« Montréal, c’est la maison. »
Ce furent les mots de Phillip Danault à l’occasion de sa première mêlée de presse avant de remettre les couleurs tricolores avant d’affronter les Bruins de Boston, mardi soir.
« Je viens de Victoriaville. Je passe mes étés à Québec. D’être à Montréal, avec les souvenirs que j’ai, c’est exceptionnel. Très heureux d’être ici et de rejoindre le Canadien de Montréal », a lancé Danault dans un entretien avec notre collègue Patrick Friolet.
Pour Danault, son retour avec les Canadiens de Montréal semble tout naturel. Cinq ans plus tard, il reste seulement cinq joueurs (Anderson, Gallagher, Evans, Suzuki et Caufield) que le Québécois a fréquenté durant son premier passage avec l’équipe. Depuis son départ, la direction a changé, tout comme le groupe d’entraîneurs et la plupart des joueurs composant le vestiaire. Malgré tout, Danault est loin d’avoir l’impression qu’il débarque dans un environnement inconnu.
« J’ai l’impression que je n’ai jamais quitté. Hier, je suis allé au complexe d’entraînement. Tout le staff, les entraîneurs, les joueurs, tout le monde a changé. Je suis vraiment content d’être ici. C’est un groupe jeune. Il y a un bel avenir devant nous », a expliqué Danault.
Lundi, Danault a eu une longue conversation avec Martin St-Louis. Si l’entraîneur-chef a une excellente idée du joueur qui va s’ajouter à sa formation, le numéro « 24 » était bien heureux d’avoir le point de vue de son nouveau patron.
« Il m’a expliqué un peu mon rôle, le système et il m’a expliqué comment ça c’était passé dans les cinq dernières années.

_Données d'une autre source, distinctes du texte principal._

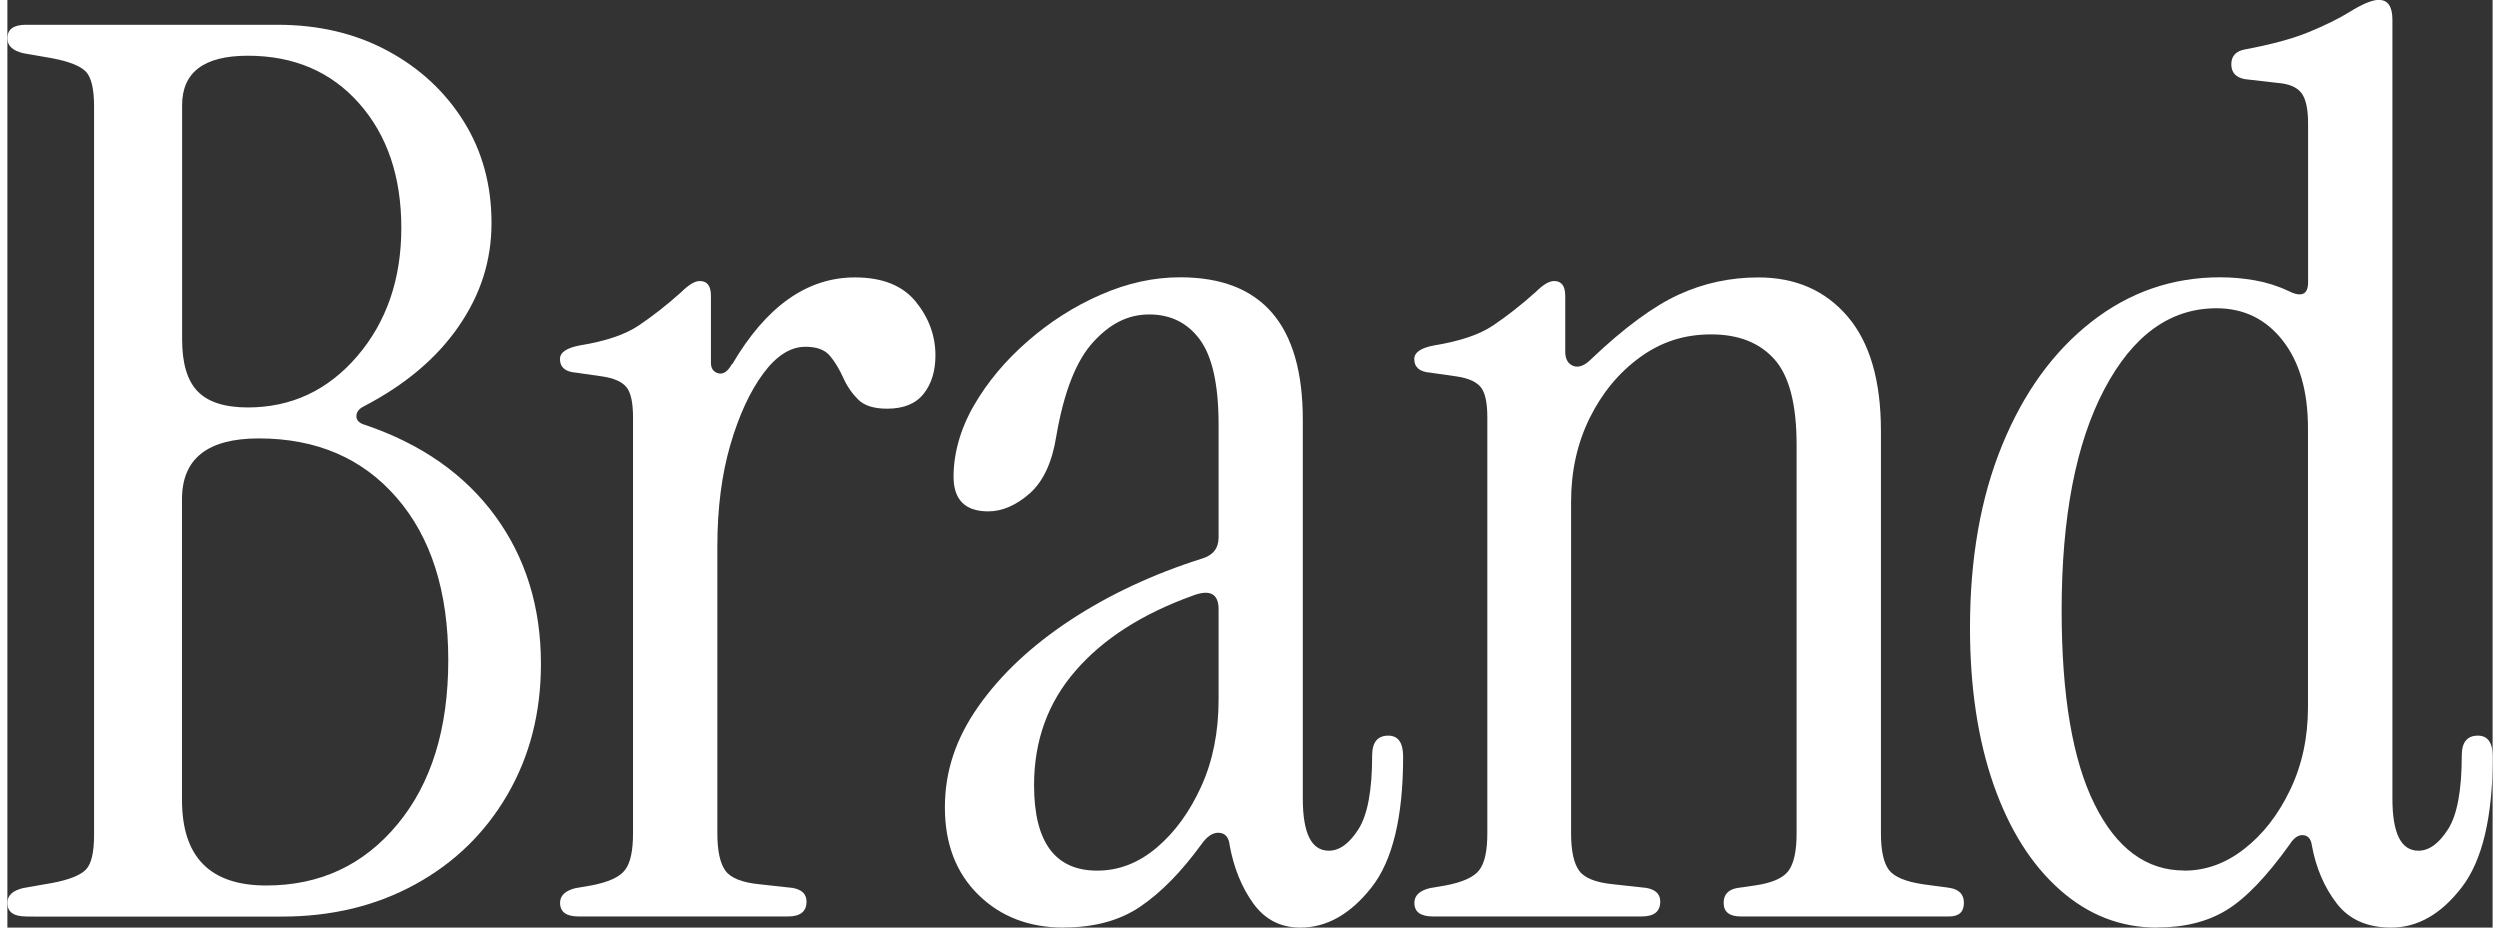 <?xml version="1.0" encoding="UTF-8"?><svg id="_レイヤー_2" xmlns="http://www.w3.org/2000/svg" width="221" height="82" viewBox="0 0 220.74 82.39"><rect x="0" y="0" width="220.74" height="82.39" fill="#333333" stroke="none"/><g id="_文字"><path d="M1.65,81.4c-1.1,0-1.65-.4-1.65-1.21,0-.66.48-1.1,1.43-1.32l2.53-.44c1.54-.29,2.55-.7,3.03-1.21.48-.51.71-1.54.71-3.08V9.46c0-1.54-.24-2.57-.71-3.08-.48-.51-1.49-.92-3.03-1.21l-2.53-.44c-.95-.22-1.43-.66-1.43-1.32,0-.81.55-1.21,1.65-1.21h22.33c3.67,0,6.93.77,9.79,2.31,2.86,1.54,5.11,3.63,6.76,6.27,1.65,2.64,2.47,5.65,2.47,9.02s-.97,6.36-2.92,9.19c-1.94,2.82-4.75,5.19-8.42,7.1-.44.22-.66.51-.66.88s.26.62.77.77c4.99,1.69,8.84,4.38,11.55,8.08,2.71,3.7,4.07,8.08,4.07,13.15,0,4.33-.99,8.19-2.97,11.6-1.98,3.41-4.71,6.07-8.2,7.98-3.48,1.91-7.42,2.86-11.83,2.86H1.65ZM21.34,36.19c3.89,0,7.13-1.52,9.74-4.56,2.6-3.04,3.91-6.84,3.91-11.39s-1.25-8.23-3.74-11.05c-2.49-2.82-5.79-4.24-9.9-4.24-3.89,0-5.83,1.47-5.83,4.4v20.79c0,2.13.46,3.67,1.38,4.62.92.95,2.4,1.43,4.46,1.43ZM22.99,78.65c4.77,0,8.65-1.81,11.66-5.44,3.01-3.63,4.51-8.49,4.51-14.58s-1.52-10.89-4.57-14.41c-3.04-3.52-7.13-5.28-12.26-5.28-4.55,0-6.82,1.8-6.82,5.39v26.73c0,5.06,2.49,7.59,7.48,7.59Z" fill="#fff"/><path d="M64.39,32.34c3.01-5.13,6.64-7.7,10.89-7.7,2.42,0,4.22.71,5.39,2.14,1.17,1.43,1.76,3.03,1.76,4.79,0,1.39-.35,2.53-1.05,3.41-.7.88-1.78,1.32-3.24,1.32-1.17,0-2.04-.27-2.58-.82-.55-.55-.99-1.19-1.32-1.93-.33-.73-.71-1.38-1.16-1.92-.44-.55-1.17-.83-2.2-.83-1.32,0-2.57.79-3.74,2.37-1.17,1.58-2.15,3.69-2.92,6.32-.77,2.64-1.16,5.65-1.16,9.02v25.52c0,1.54.24,2.64.71,3.3.48.66,1.49,1.06,3.03,1.21l2.97.33c.81.15,1.21.55,1.21,1.21,0,.88-.55,1.32-1.65,1.32h-18.59c-1.1,0-1.65-.4-1.65-1.21,0-.66.48-1.1,1.43-1.32l1.32-.22c1.54-.29,2.55-.75,3.02-1.38.48-.62.71-1.71.71-3.25v-36.96c0-1.32-.2-2.22-.6-2.69-.4-.48-1.12-.79-2.15-.94l-2.31-.33c-.95-.07-1.43-.48-1.43-1.21,0-.59.59-.99,1.76-1.21,2.27-.37,4.01-.95,5.22-1.76,1.21-.81,2.48-1.8,3.79-2.97.66-.66,1.21-.99,1.65-.99.66,0,.99.44.99,1.32v5.94c0,.51.22.82.66.94.44.11.84-.17,1.21-.83Z" fill="#fff"/><path d="M93.83,82.39c-3.08,0-5.61-.97-7.59-2.92-1.98-1.94-2.97-4.53-2.97-7.76s.99-6.14,2.97-8.96c1.98-2.82,4.69-5.37,8.14-7.65,3.45-2.27,7.37-4.11,11.77-5.5.95-.29,1.43-.92,1.43-1.87v-10.01c0-3.52-.55-6.03-1.65-7.54-1.1-1.5-2.6-2.25-4.51-2.25s-3.5.83-5,2.48c-1.5,1.65-2.58,4.42-3.25,8.3-.37,2.35-1.16,4.05-2.37,5.12-1.21,1.06-2.44,1.59-3.68,1.59-2.05,0-3.08-1.03-3.08-3.08s.6-4.24,1.81-6.33,2.81-4,4.79-5.72c1.98-1.72,4.14-3.1,6.49-4.12,2.35-1.03,4.69-1.54,7.04-1.54,7.26,0,10.89,4.22,10.89,12.65v33.66c0,3.08.77,4.62,2.31,4.62.95,0,1.83-.64,2.64-1.92.81-1.28,1.21-3.47,1.21-6.54,0-1.17.48-1.76,1.43-1.76.88,0,1.32.62,1.32,1.87,0,5.35-.93,9.22-2.8,11.6-1.87,2.38-3.98,3.58-6.33,3.58-1.76,0-3.15-.72-4.18-2.15-1.03-1.43-1.72-3.14-2.09-5.12-.07-.73-.39-1.12-.94-1.15-.55-.04-1.08.31-1.59,1.04-1.76,2.42-3.56,4.25-5.39,5.5s-4.11,1.87-6.82,1.87ZM96.8,77.33c1.91,0,3.67-.68,5.28-2.04,1.61-1.36,2.93-3.17,3.96-5.44,1.03-2.27,1.54-4.84,1.54-7.7v-8.03c0-1.39-.77-1.8-2.31-1.21-4.47,1.61-7.94,3.83-10.39,6.66-2.46,2.82-3.69,6.21-3.69,10.17,0,5.06,1.87,7.59,5.61,7.59Z" fill="#fff"/><path d="M126.62,81.4c-1.1,0-1.65-.4-1.65-1.21,0-.66.48-1.1,1.43-1.32l1.32-.22c1.54-.29,2.55-.75,3.02-1.38.48-.62.71-1.71.71-3.25v-36.96c0-1.32-.2-2.22-.6-2.69-.4-.48-1.12-.79-2.15-.94l-2.31-.33c-.95-.07-1.43-.48-1.43-1.21,0-.59.59-.99,1.76-1.21,2.27-.37,4.01-.95,5.22-1.76,1.21-.81,2.48-1.8,3.79-2.97.66-.66,1.21-.99,1.65-.99.66,0,.99.44.99,1.32v4.95c0,.66.24,1.08.71,1.27.48.18,1.01-.02,1.59-.6,2.93-2.79,5.52-4.69,7.75-5.72,2.24-1.03,4.6-1.54,7.1-1.54,3.3,0,5.94,1.15,7.92,3.46,1.98,2.31,2.97,5.7,2.97,10.17v35.75c0,1.54.24,2.62.71,3.25.48.62,1.49,1.04,3.03,1.27l2.42.33c.81.15,1.21.59,1.21,1.32,0,.81-.44,1.21-1.32,1.21h-18.48c-1.03,0-1.54-.4-1.54-1.21,0-.73.4-1.17,1.21-1.32l1.54-.22c1.54-.22,2.55-.66,3.02-1.32.48-.66.71-1.76.71-3.3v-34.54c0-3.59-.66-6.12-1.98-7.59-1.32-1.47-3.19-2.2-5.61-2.2s-4.46.68-6.33,2.04c-1.87,1.36-3.35,3.15-4.46,5.39-1.1,2.24-1.65,4.71-1.65,7.42v29.48c0,1.54.24,2.64.71,3.3.48.66,1.49,1.06,3.03,1.21l2.97.33c.81.15,1.21.55,1.21,1.21,0,.88-.55,1.32-1.65,1.32h-18.59Z" fill="#fff"/><path d="M190.93,82.39c-3.23,0-6.11-1.12-8.63-3.36-2.53-2.24-4.49-5.35-5.89-9.35-1.39-4-2.09-8.64-2.09-13.92,0-6.16.95-11.57,2.86-16.23,1.91-4.66,4.55-8.31,7.92-10.94,3.37-2.64,7.19-3.96,11.44-3.96,1.03,0,2.05.09,3.08.27,1.03.18,2.02.49,2.97.94,1.17.59,1.76.33,1.76-.77v-14.08c0-1.32-.2-2.24-.61-2.75-.4-.51-1.12-.81-2.14-.88l-2.86-.33c-.81-.15-1.21-.59-1.21-1.32s.4-1.17,1.21-1.32c2.35-.44,4.24-.95,5.67-1.54,1.43-.59,2.62-1.17,3.58-1.76,1.17-.73,2.05-1.1,2.64-1.1.81,0,1.21.59,1.21,1.76v69.19c0,3.08.77,4.62,2.31,4.62.95,0,1.83-.64,2.64-1.92.81-1.28,1.21-3.47,1.21-6.54,0-1.17.48-1.76,1.43-1.76.88,0,1.32.62,1.32,1.87,0,5.35-.92,9.22-2.75,11.6-1.83,2.38-3.92,3.58-6.27,3.58-2.13,0-3.74-.72-4.84-2.15-1.1-1.43-1.83-3.14-2.2-5.12-.07-.59-.33-.9-.77-.94-.44-.04-.84.24-1.21.83-2.05,2.86-3.92,4.8-5.61,5.83-1.69,1.03-3.74,1.54-6.16,1.54ZM193.35,77.33c1.91,0,3.68-.64,5.33-1.93,1.65-1.28,3.01-3.02,4.07-5.23,1.06-2.2,1.59-4.66,1.59-7.37v-24.75c0-3.3-.75-5.9-2.25-7.81-1.5-1.91-3.46-2.86-5.88-2.86-4.11,0-7.43,2.4-9.96,7.2-2.53,4.8-3.79,11.35-3.79,19.64,0,7.55.97,13.29,2.92,17.21,1.94,3.92,4.6,5.89,7.97,5.89Z" fill="#fff"/></g></svg>

Il trouvait ça important que je vois le cheminement qu’ils avaient fait et m’expliquer sa façon de penser. Ça m’aide à rentrer dans la gang plus facilement », a expliqué Danault, qui fait maintenant figure de vétéran dans le vestiaire.
« Son arrivée amène de l’enthousiasme à notre groupe. On pouvait le voir lors de l’entraînement ce matin », a résumé St-Louis au sujet de l’ajout du vétéran à sa formation.
Alors, quel sera le rôle de Danault? À ce sujet, il y a peu de surprises. On connait l’ADN de son jeu à Montréal et il sera appelé à jouer solidement à 5 contre 5 tout en contribuant en désavantage numérique.
« Je ne m’attends à rien. Je sais que l’on va m’utiliser de la bonne façon, mais je ne sais pas comment Martin va m’utiliser exactement. C’est un smart guy. Je sais que les Canadiens marquent beaucoup de buts, mais ils ont tendance à avoir de la difficulté quand le match est plus serré avec le manque d’expérience. C’est ce que j’amène pour l’équipe. »
Et quoi de mieux que de faire son retour à l’occasion d’une visite au TD Garden de Boston, face à un rival historique. Les Chara, Bergeron et Marchand n’y sont peut-être plus, mais le duel garde une saveur particulière pour le centre de 32 ans.
« Écoute, il n’y a rien de mieux que ça. Boston ou Toronto, c’est la rivalité. Je suis super content d’être ici. Il n’y a rien de mieux que le TD Garden. »
Danault est également revenu sur son passage avec les Kings où il a passé plusieurs bonnes saisons. On sentait toutefois qu’il était prêt pour un changement d’air et que les derniers mois ont été difficiles dans l’organisation des Kings.
« Les saisons peuvent être longues quand tu n’es pas bien à une certaine place, ça peut aller de la mauvaise façon. C’était un peu un entonnoir vers la fin, c’est difficile de se relever de ça. Je crois que oui, le changement était le bienvenu. »
Limité à cinq mentions d’aide en 30 matchs avec les Kings cette année, Danault est confiant qu’il peut se relancer offensivement à Montréal.
« Il faut toujours se regarder dans le miroir. À Los Angeles, nous étions une des équipes avec le moins de buts dans la ligue. C’est un système plus défensif. Montréal, c’est l’attaque. Je vais aller au filet. Je vais garder ça simple. Quand tu es dans un bon état mental, la rondelle te suit. »
Les retrouvailles semblent donc toutes naturelles et il y a une chose qui n’a pas changé, Danault affiche toujours le même sourire et la même courtoisie. Pour son grand retour, Danault pilotera un trio avec Alexandre Texier et Josh Anderson et il sera utilisé en désavantage numérique.